Source URL: https://hardware.slashdot.org/story/25/07/22/2042234/nvidias-cuda-platform-now-support-risc-v?utm_source=rss1.0mainlinkanon&utm_medium=feed
Source: Slashdot
Title: Nvidia’s CUDA Platform Now Support RISC-V
Feedly Summary:
AI Summary and Description: Yes
Summary: Nvidia’s announcement at the 2025 RISC-V Summit about CUDA compatibility with the RISC-V instruction set architecture signifies a pivotal shift in leveraging open processors within AI-related applications. This move enables RISC-V CPUs to play a central role in heterogeneous computing environments, particularly for edge devices and potentially in data centers, enhancing the landscape of computation and deployment for AI workloads.
Detailed Description:
– Nvidia has officially declared that its CUDA software platform will support the RISC-V instruction set architecture (ISA), which marks a significant milestone for the RISC-V ecosystem.
– The presentation occurred during the 2025 RISC-V Summit in China, underscoring Nvidia’s commitment to integrating its technologies with open architectures.
– **Key Points & Implications**:
– **CUDA Compatibility**: This allows RISC-V CPUs to be fully integrated into CUDA-based systems, traditionally dominated by x86 or Arm architectures, thus broadening computational diversity.
– **Applications in Edge Computing**: While RISC-V may not yet be prevalent in hyperscale data centers, its compatibility with Nvidia’s edge devices (like Jetson modules) suggests it will play a notable role in edge computing applications, especially for AI-related tasks.

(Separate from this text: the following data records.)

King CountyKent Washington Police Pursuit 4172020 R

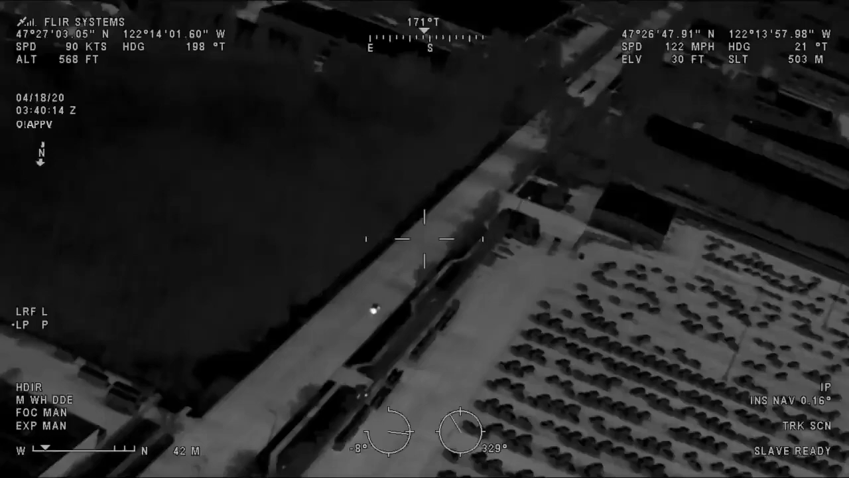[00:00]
So we're shut down, he's continuing southbound towards 180th Street. Alright, Guardian 1 southbound, crossing southwest 41st. Everybody trying to set up so we can take south.
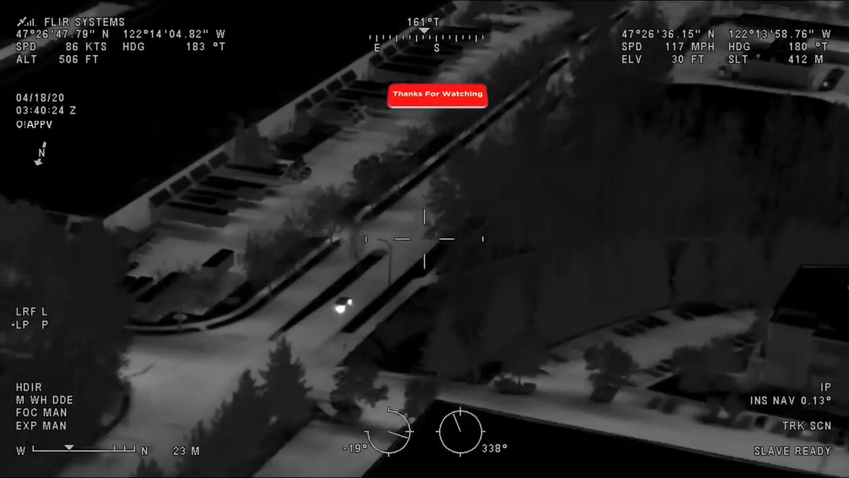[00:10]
Okay, I got good spikes at 34th and Oaksdale. Alright, Guardian 1 just passed 43rd, still southbound. He's at 80th Avenue South now. You got good spikes on the car? Yep, hit the corner of my sticks.
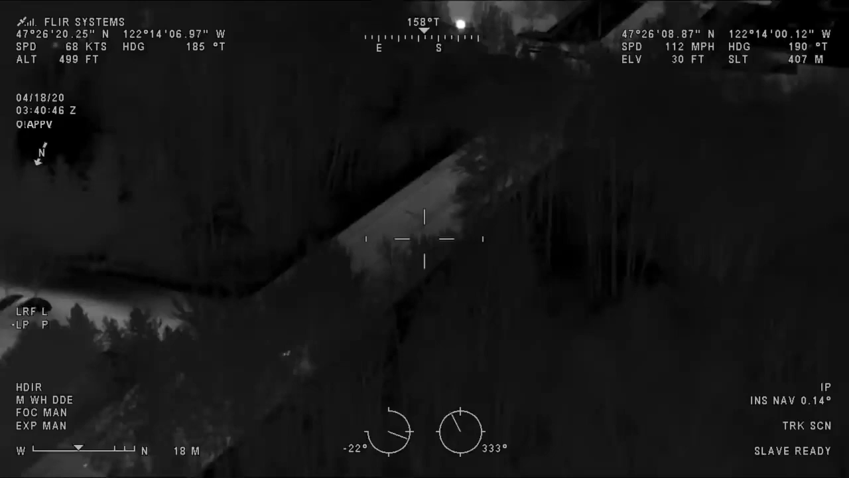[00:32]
Guardian 1 still southbound, passing 188th. Guardian 1 still southbound, passing 188th.
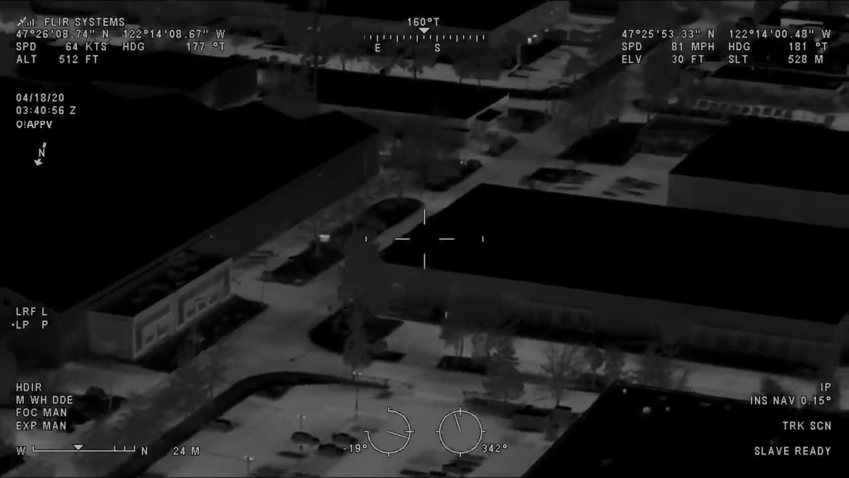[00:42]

– **Heterogeneous Computing Vision**: The diagram showcased during the presentation illustrates a computing architecture where the GPU is responsible for handling parallel workloads, while the RISC-V CPU manages system drivers, application logic, and the operating system, demonstrating Nvidia’s vision for multiple processors working together efficiently.
– **Inclusion of DPUs**: The presence of a data processing unit (DPU) handling networking tasks indicates Nvidia’s holistic approach, integrating different components (GPU, CPU, DPU) to manage workloads more effectively.
– **Open vs. Proprietary Dynamics**: By bridging its proprietary CUDA framework to an open architecture like RISC-V, Nvidia is navigating the complexities of global markets, particularly given its inability to ship certain products to China. This strategic pivot could prevent isolation in a rapidly evolving tech landscape and foster innovations aligned with the industry’s shift toward open standards.
In conclusion, this development could significantly impact how AI workloads are orchestrated and processed, making it essential for professionals in AI, cloud, and infrastructure security to stay informed about the implications of RISC-V’s growing role in the computational architecture.